Since we just finished discussing how to create tables, we wanted to cover the next obvious topic: how to get data into these tables so you’ll have something to query! We assume you already understand the basics of SQL, so these clauses won’t be new to you. If they are, please refer to Chapter 6 for details.
Since Hive has no row-level insert, update, and delete operations, the only way to put data into an table is to use one of the “bulk” load operations. Or you can just write files in the correct directories by other means.
We saw an example of how to load data into a managed table in Partitioned, Managed Tables, which we repeat here with an
addition, the use of the OVERWRITE
keyword:
LOAD
DATA
LOCAL
INPATH
'${env:HOME}/california-employees'
OVERWRITE
INTO
TABLE
employees
PARTITION
(
country
=
'US'
,
state
=
'CA'
);
This command will first create the directory for the partition, if it doesn’t already exist, then copy the data to it.
If the target table is not partitioned, you omit the PARTITION
clause.
It is conventional practice to specify a path that is a directory, rather than an individual file. Hive will copy all the files in the directory, which give you the flexibility of organizing the data into multiple files and changing the file naming convention, without requiring a change to your Hive scripts. Either way, the files will be copied to the appropriate location for the table and the names will be the same.
If the LOCAL
keyword is used, the
path is assumed to be in the local filesystem. The data is
copied into the final location. If LOCAL
is omitted, the path is assumed to be in
the distributed filesystem. In this case, the data is
moved from the path to the final location.
LOAD DATA LOCAL ...
copies the local data to the final location in the
distributed filesystem, while LOAD DATA
...
(i.e., without LOCAL
)
moves the data to the final location.
The rationale for this inconsistency is the assumption that you usually don’t want duplicate copies of your data files in the distributed filesystem.
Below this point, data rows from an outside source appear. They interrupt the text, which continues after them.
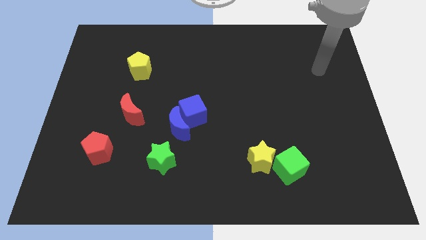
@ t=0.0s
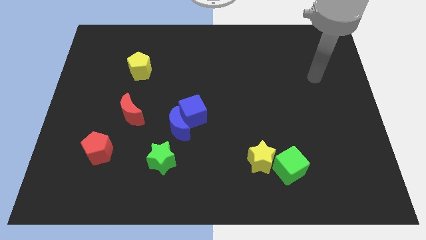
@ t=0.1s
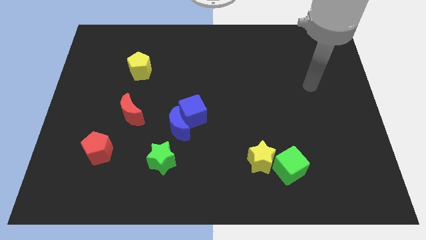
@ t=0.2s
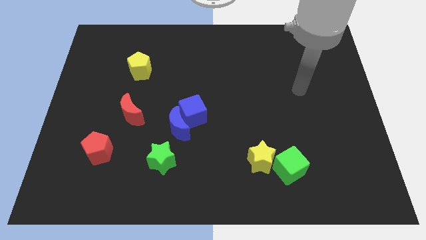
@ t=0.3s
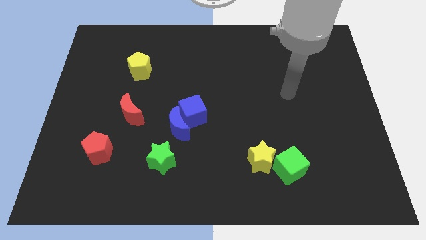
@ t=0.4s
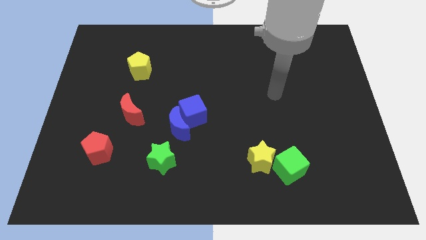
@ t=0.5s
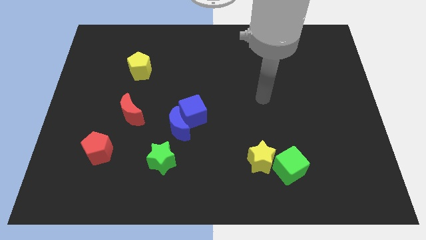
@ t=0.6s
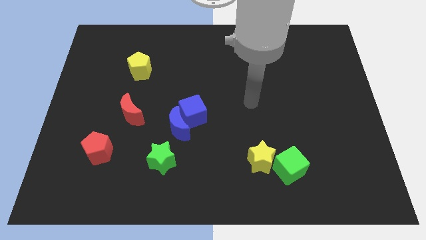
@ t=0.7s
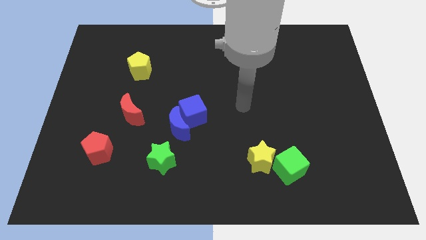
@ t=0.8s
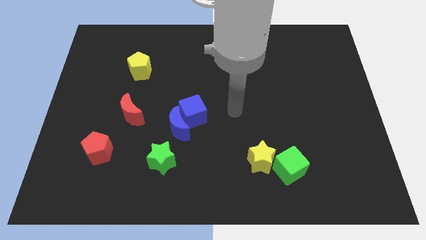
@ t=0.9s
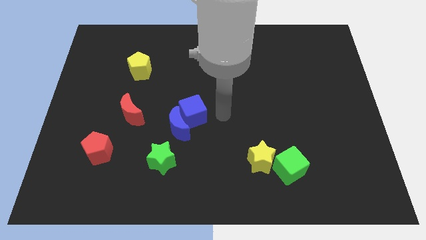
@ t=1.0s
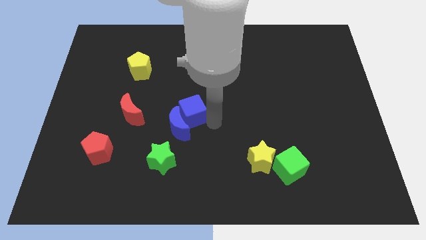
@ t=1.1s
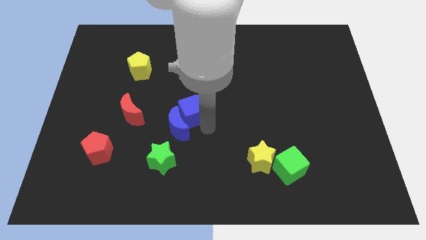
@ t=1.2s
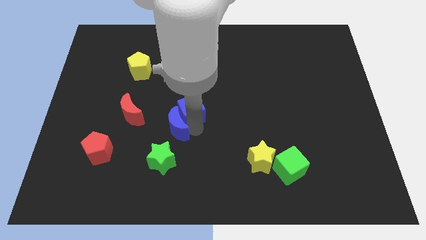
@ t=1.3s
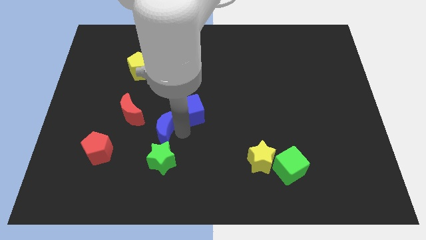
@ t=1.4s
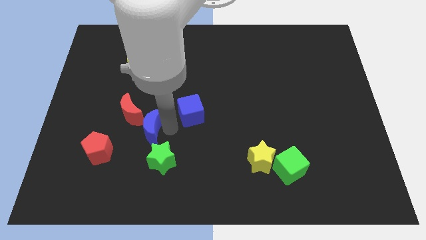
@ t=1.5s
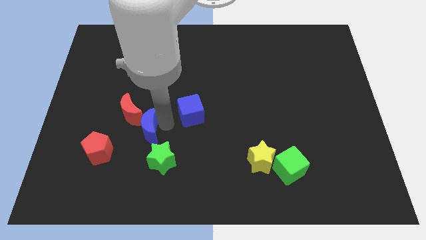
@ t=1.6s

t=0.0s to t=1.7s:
move the blue cube away from the blue moon

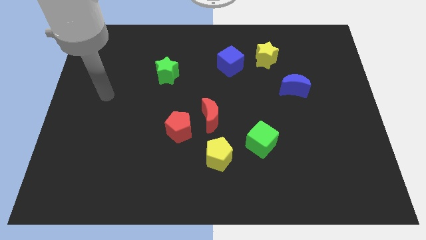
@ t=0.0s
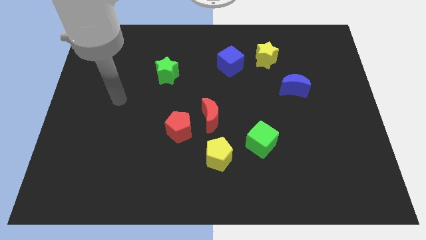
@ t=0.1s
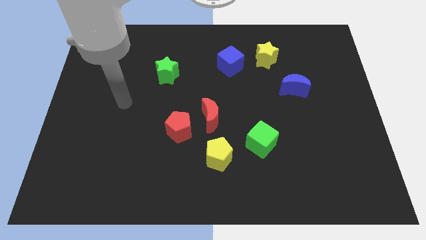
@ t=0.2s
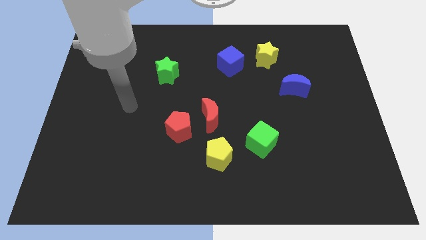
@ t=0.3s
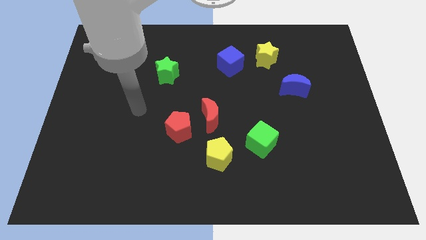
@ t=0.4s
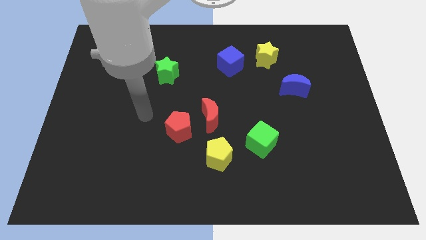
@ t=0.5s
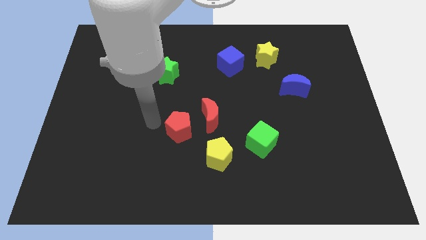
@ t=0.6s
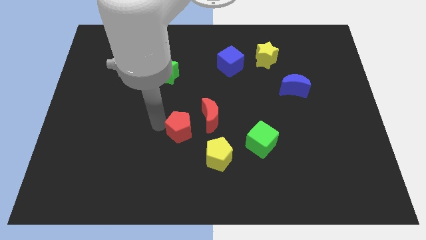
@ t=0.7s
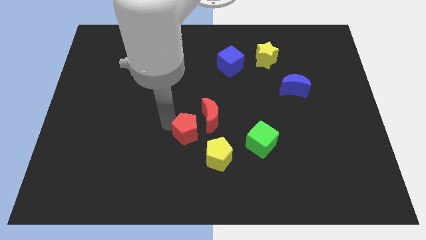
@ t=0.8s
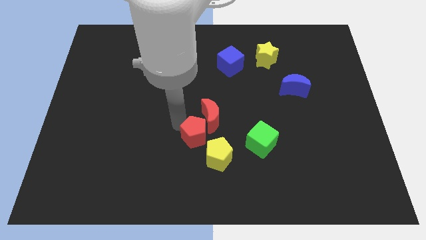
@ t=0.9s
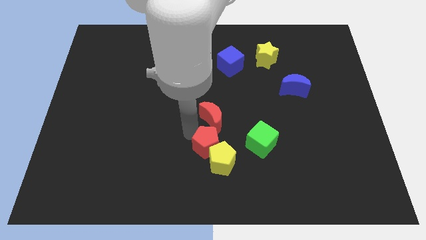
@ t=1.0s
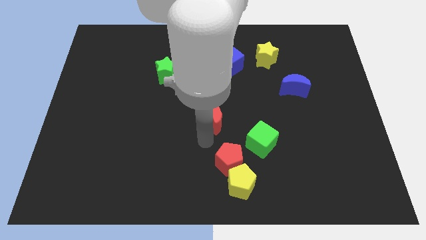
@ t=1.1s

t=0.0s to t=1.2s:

Also, because files are moved in this case, Hive requires the source
and target files and directories to be in the same filesystem. For
example, you can’t use LOAD DATA
to
load (move) data from one HDFS cluster to another.
It is more robust to specify a full path, but relative paths can be used. When running in local mode, the relative path is interpreted relative to the user’s working directory when the Hive CLI was started. For distributed or pseudo-distributed mode, the path is interpreted relative to the user’s home directory in the distributed filesystem, which is /user/$USER by default in HDFS and MapRFS.
If you specify the OVERWRITE
keyword, any data already present in
the target directory will be deleted first. Without the keyword, the new
files are simply added to the target directory. However, if files already
exist in the target directory that match filenames being loaded, the old
files are overwritten.
Versions of Hive before v0.9.0 had the following bug: when the
OVERWRITE
keyword was not used, an
existing data file in the target directory would be overwritten if its
name matched the name of a data file being written to the directory.
Hence, data would be lost. This bug was fixed in the v0.9.0
release.
The PARTITION
clause is required
if the table is partitioned and you must specify a value for each
partition key.
In the example, the data will now exist in the following directory:
hdfs://master_server/user/hive/warehouse/mydb.db/employees/country=US/state=CA
Another limit on the file path used, the INPATH
clause, is that it cannot contain any
directories.
Hive does not verify that the data you are loading matches the
schema for the table. However, it will verify that the file format matches
the table definition. For example, if the table was created with SEQUENCEFILE
storage, the loaded files must be
sequence files.
The INSERT
statement lets
you load data into a table from a query. Reusing our employees
example from the previous chapter,
here is an example for the state of Oregon, where we presume the data is
already in another table called staged_employees
. For reasons we’ll discuss
shortly, let’s use different names for the country and state fields in
staged_employees
, calling them cnty
and st
,
respectively:
INSERT
OVERWRITE
TABLE
employees
PARTITION
(
country
=
'US'
,
state
=
'OR'
)
SELECT
*
FROM
staged_employees
se
WHERE
se
.
cnty
=
'US'
AND
se
.
st
=
'OR'
;
With OVERWRITE
, any
previous contents of the partition (or whole table if not partitioned) are
replaced.
If you drop the keyword OVERWRITE
or replace it with INTO
, Hive appends
the data rather than replaces it. This feature is only available in Hive
v0.8.0 or later.
This example suggests one common scenario where this feature is useful: data has been staged in a directory, exposed to Hive as an external table, and now you want to put it into the final, partitioned table. A workflow like this is also useful if you want the target table to have a different record format than the source table (e.g., a different field delimiter).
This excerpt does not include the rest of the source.